Mark Edward Smith was born in Salford, near Manchester, on March 5, 1957, and grew up in nearby Prestwich. After dropping out of school at 16, he was working as a shipping clerk and studying literature at night school when he saw the Sex Pistols in a sparsely attended show at the Lesser Free Trade Hall in Manchester. He soon started his own band with friends. The Fall was named after an Albert Camus novel.

“When I formed the group,” Smith wrote in his 2008 autobiography, “Renegade: The Lives and Tales of Mark E. Smith,” “it was because of sounds; of wanting to make something; combining primitive music with intelligent lyrics.”

The Fall released its first EP, “Bingo-Master’s Break-Out!,” in 1978, and its debut album, “Live at the Witch Trials,” in 1979. Manchester was a center of post-punk innovation at the turn of the 1980s, with bands like Joy Division, the Durutti Column and the Smiths. But the Fall — although less popular and more abrasive — would outlast them all.

The Fall’s closest approach to the rock mainstream, with songs featuring clear-cut beats, riffs and choruses, came in the 1980s, when the band’s guitarists (and Smith’s songwriting collaborators) were Craig Scanlon, who was in the Fall from 1979 to 1995, and Brix Smith, who was Smith’s wife from 1983 to 1989, her initial tenure with the band, and rejoined for two 1990s albums.

Her departure was followed by decades of fluctuations in the band’s music, by turns obnoxious and illuminating. Smith also recorded outside the Fall with Gorillaz and Elastica, and he made an album in 2007 with the German electronic duo Mouse on Mars under the group name Von Südenfed.

The Fall toured constantly through its four decades, playing sets that could be spellbinding or desultory. A notorious 1998 performance at Brownie’s in the East Village included fistfights among the musicians.

For the Fall’s final half-dozen albums, the lineup remained largely stable. From 2002 to 2016 the band included Elena Poulou, whom Smith married in 2001, on keyboards. They divorced in 2016. Complete information on survivors other than Vander was not available.

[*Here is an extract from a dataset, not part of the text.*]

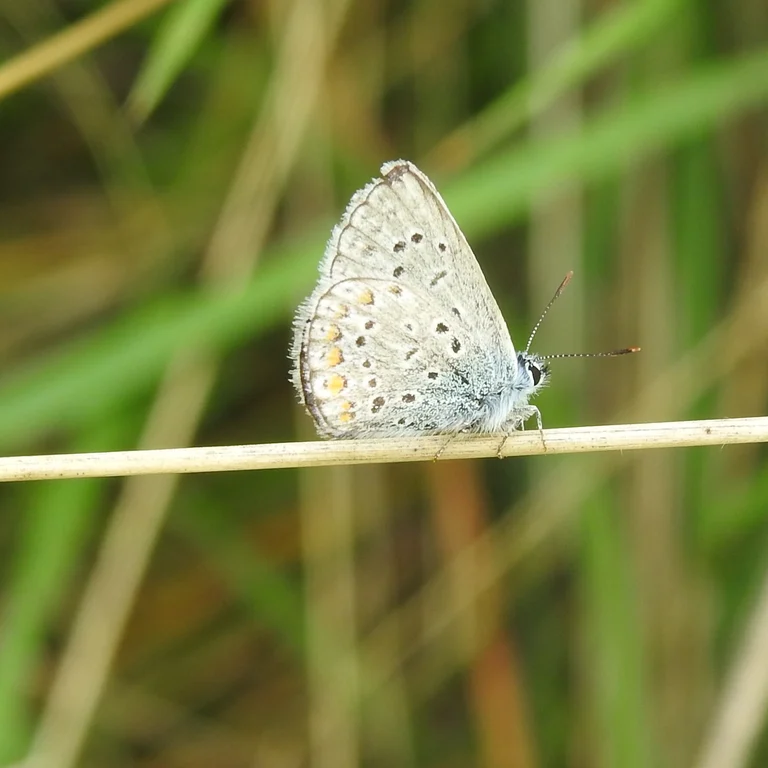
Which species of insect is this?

Smith garnered multiple reputations: as a drinker and a brawler, as a contrarian and an insult-slinger (particularly against politicians, institutions and other musicians), and as an artist and an experimenter. In concert, he disdained looking back or playing longtime fan favorites. The Fall’s live sets usually drew only on the band’s most recent recordings and even newer songs.

In his autobiography, Smith put it bluntly: “The Fall are about the present, and that’s it.”